§ **Work item**
Word for word, reproduce all entries below, leaving every picture out.

§ **Supplied material**
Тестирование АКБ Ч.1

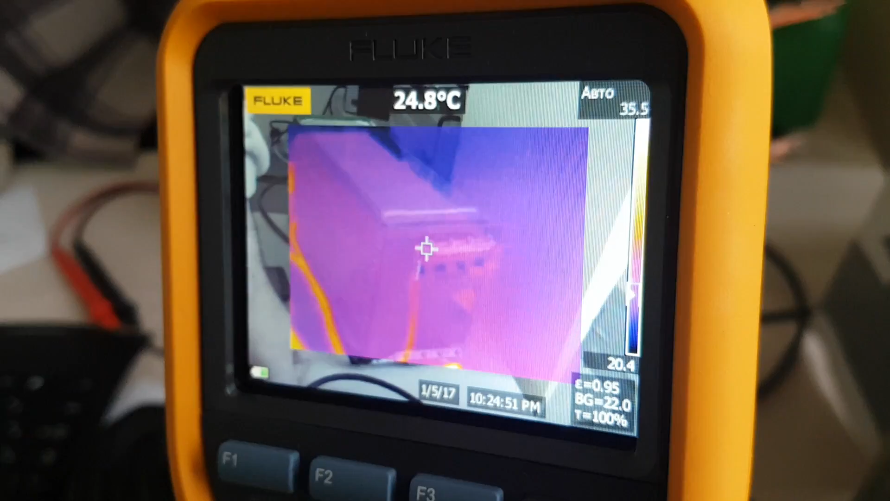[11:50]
On screen: spot 24.8°C
При этом верхние совершенно холодные просто. Значит, просто не обтянуты.
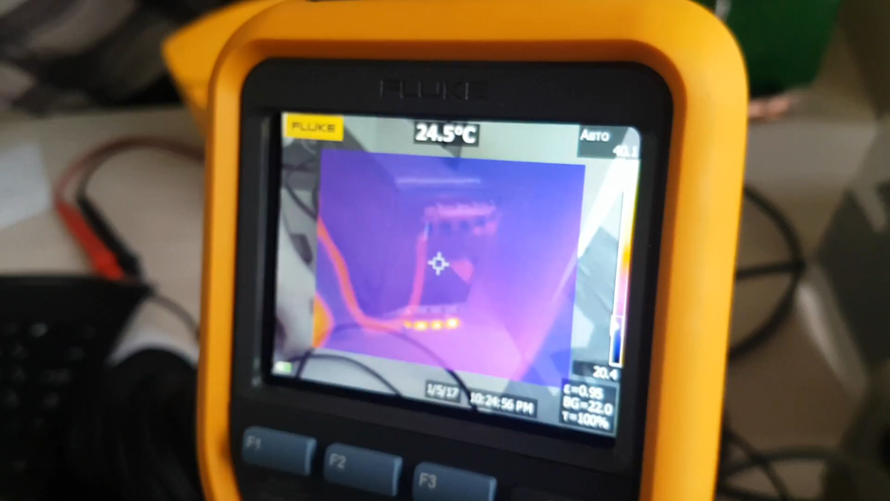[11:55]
On screen: spot 24.5°C
Вот уже и диагностика, да? Сразу видны все негоразные.
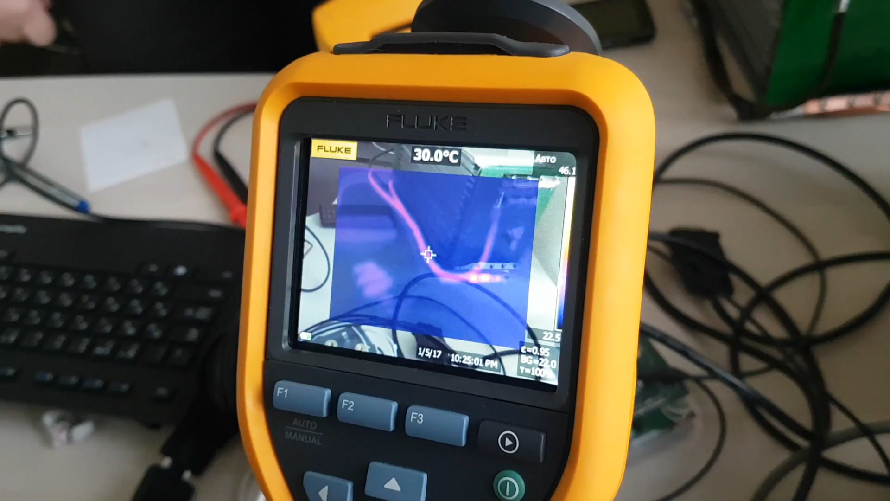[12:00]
On screen: spot 30.0°C
Провода уже 30.
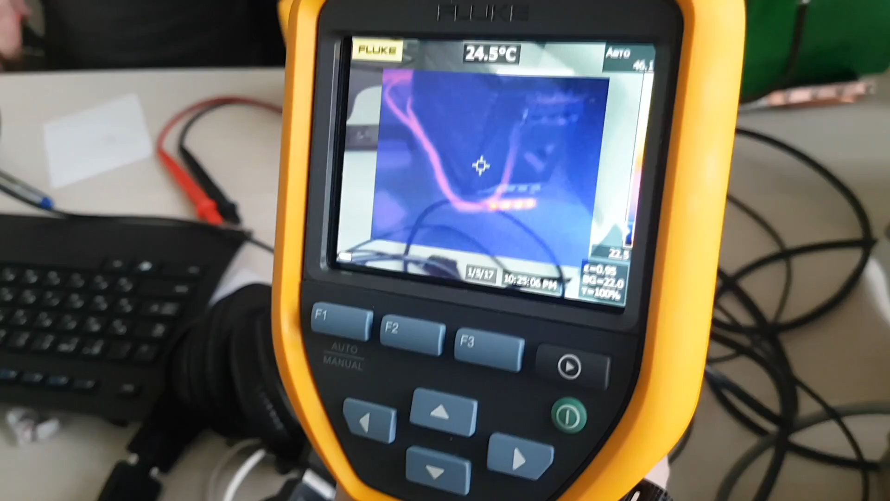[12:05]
On screen: spot 24.5°C
Провода уже 30. Контакты верхние, 24.
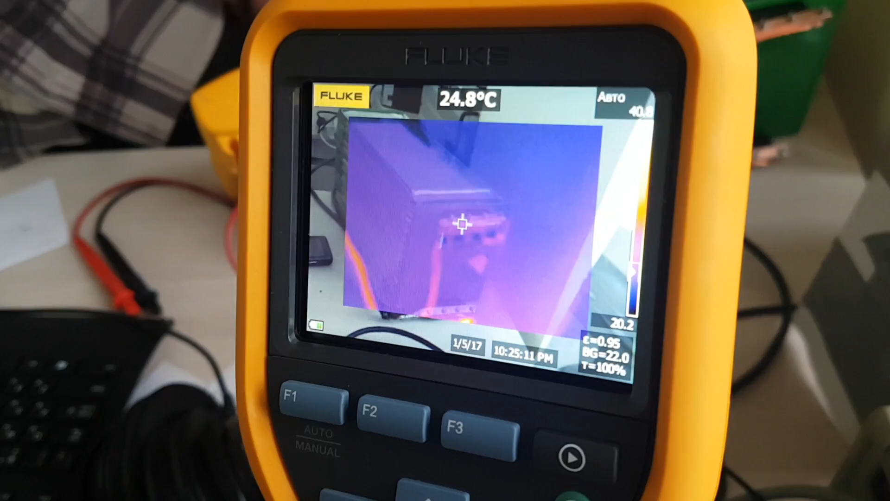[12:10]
On screen: spot 24.8°C
В общем-то, можно считать холодные. Нижние почему-то греются дико.
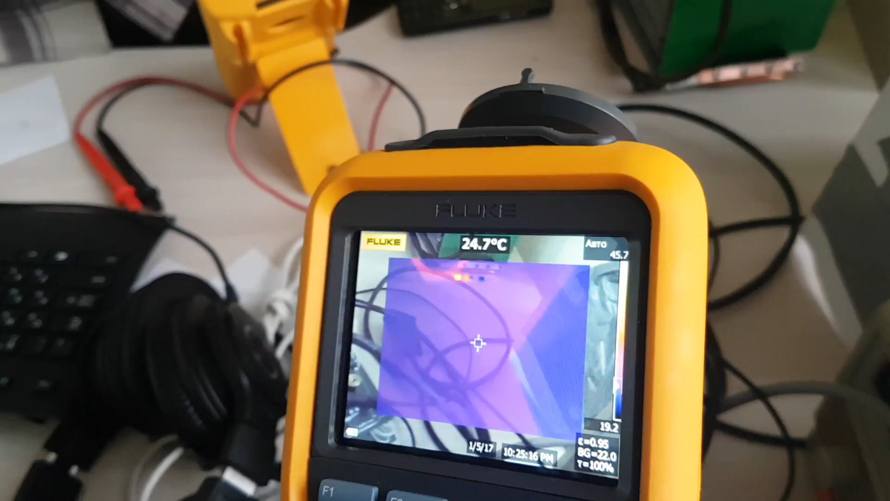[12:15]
On screen: spot 24.7°C
Сейчас попробуем. Ну, дико это условно, скажем так.
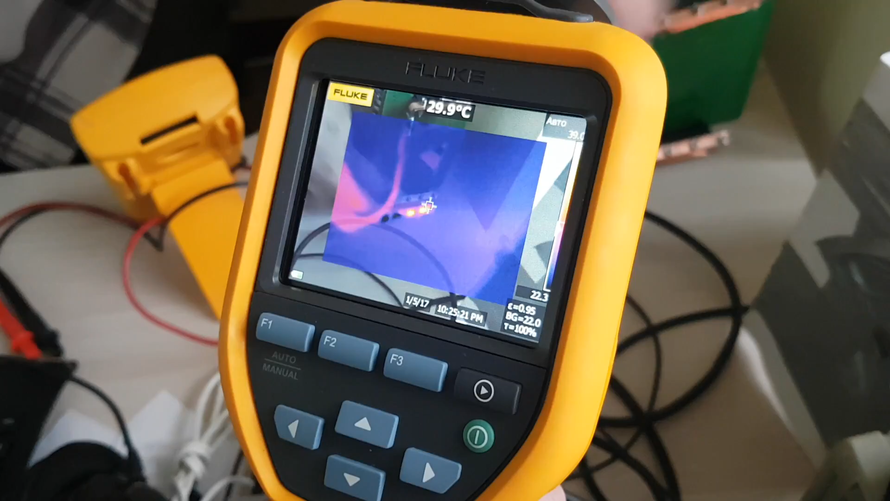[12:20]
On screen: spot 29.9°C
Ну, да, дико это условно. То есть температура тела пока не превышена. Да, скорее всего, значит, переходное сопротивление. Значит, вот это плохо подготовлен, вот этот вывод.
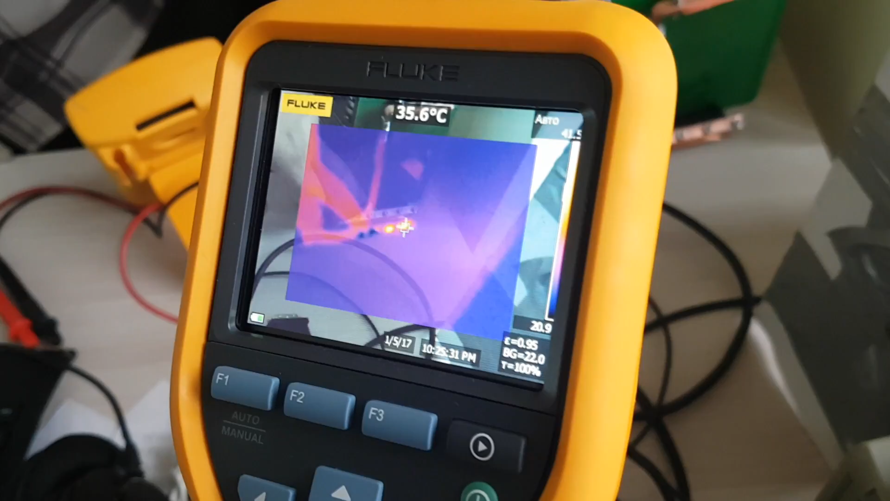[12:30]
On screen: spot 35.6°C
И выводной контакт. А, там пластина медная сама по себе достаточно неровная.
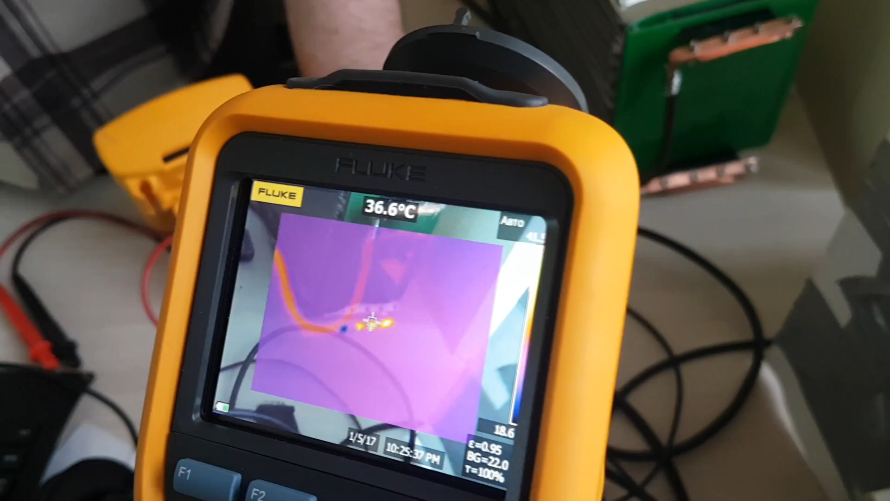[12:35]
On screen: spot 36.6°C
Ну, значит, просто протянут. Ее надо напильником подработать, чтобы поверхность была поровнее.
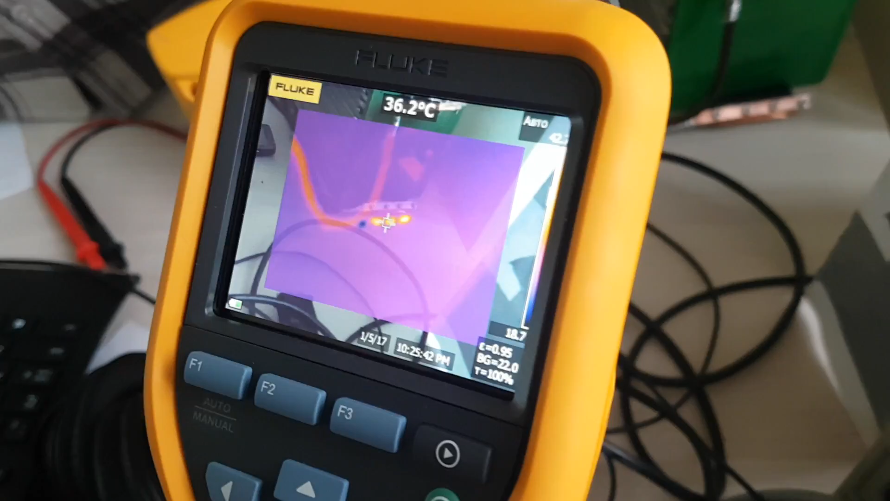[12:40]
On screen: spot 36.2°C
Значит, надо просто протянуть. Давайте еще раз. Смотрим установившийся режим.
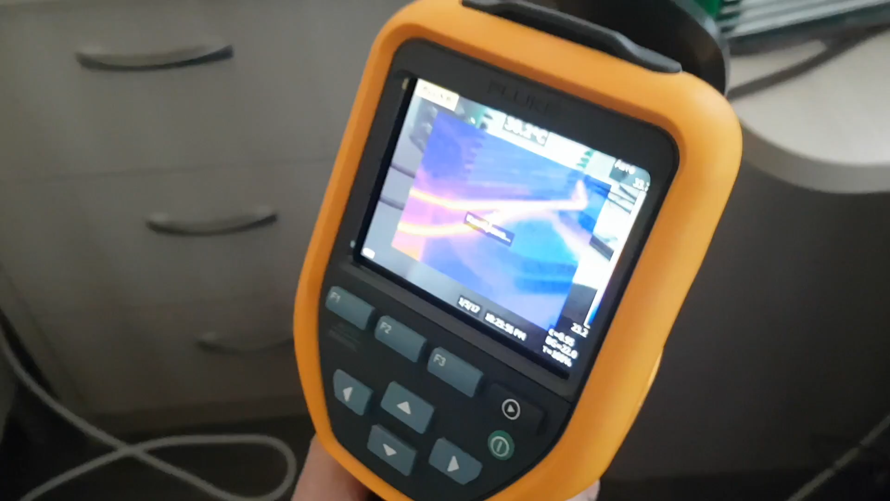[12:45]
Провода. Провода уже 33.
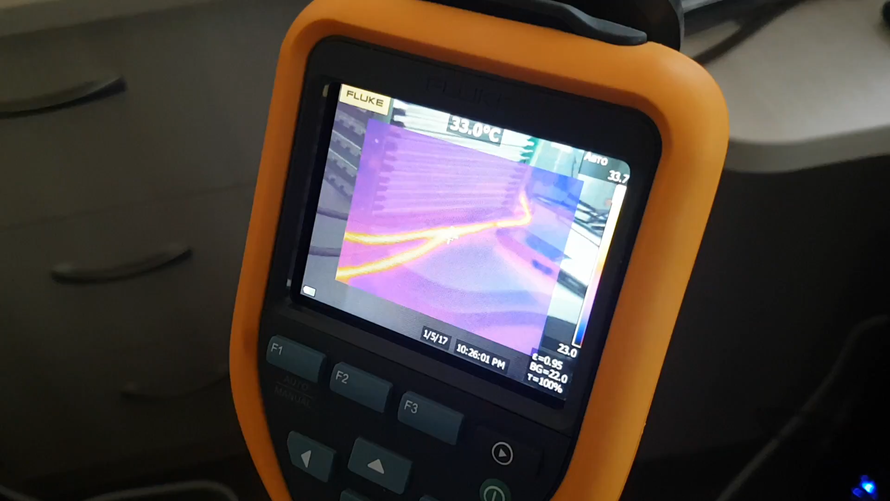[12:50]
On screen: spot 33.0°C
Провода 33 градуса. Контакты? Контакты абсолютно холодные.

§ **Task result**
Тестирование АКБ Ч.1

[11:50]
On screen: spot 24.8°C
При этом верхние совершенно холодные просто. Значит, просто не обтянуты.
[11:55]
On screen: spot 24.5°C
Вот уже и диагностика, да? Сразу видны все негоразные.
[12:00]
On screen: spot 30.0°C
Провода уже 30.
[12:05]
On screen: spot 24.5°C
Провода уже 30. Контакты верхние, 24.
[12:10]
On screen: spot 24.8°C
В общем-то, можно считать холодные. Нижние почему-то греются дико.
[12:15]
On screen: spot 24.7°C
Сейчас попробуем. Ну, дико это условно, скажем так.
[12:20]
On screen: spot 29.9°C
Ну, да, дико это условно. То есть температура тела пока не превышена. Да, скорее всего, значит, переходное сопротивление. Значит, вот это плохо подготовлен, вот этот вывод.
[12:30]
On screen: spot 35.6°C
И выводной контакт. А, там пластина медная сама по себе достаточно неровная.
[12:35]
On screen: spot 36.6°C
Ну, значит, просто протянут. Ее надо напильником подработать, чтобы поверхность была поровнее.
[12:40]
On screen: spot 36.2°C
Значит, надо просто протянуть. Давайте еще раз. Смотрим установившийся режим.
[12:45]
Провода. Провода уже 33.
[12:50]
On screen: spot 33.0°C
Провода 33 градуса. Контакты? Контакты абсолютно холодные.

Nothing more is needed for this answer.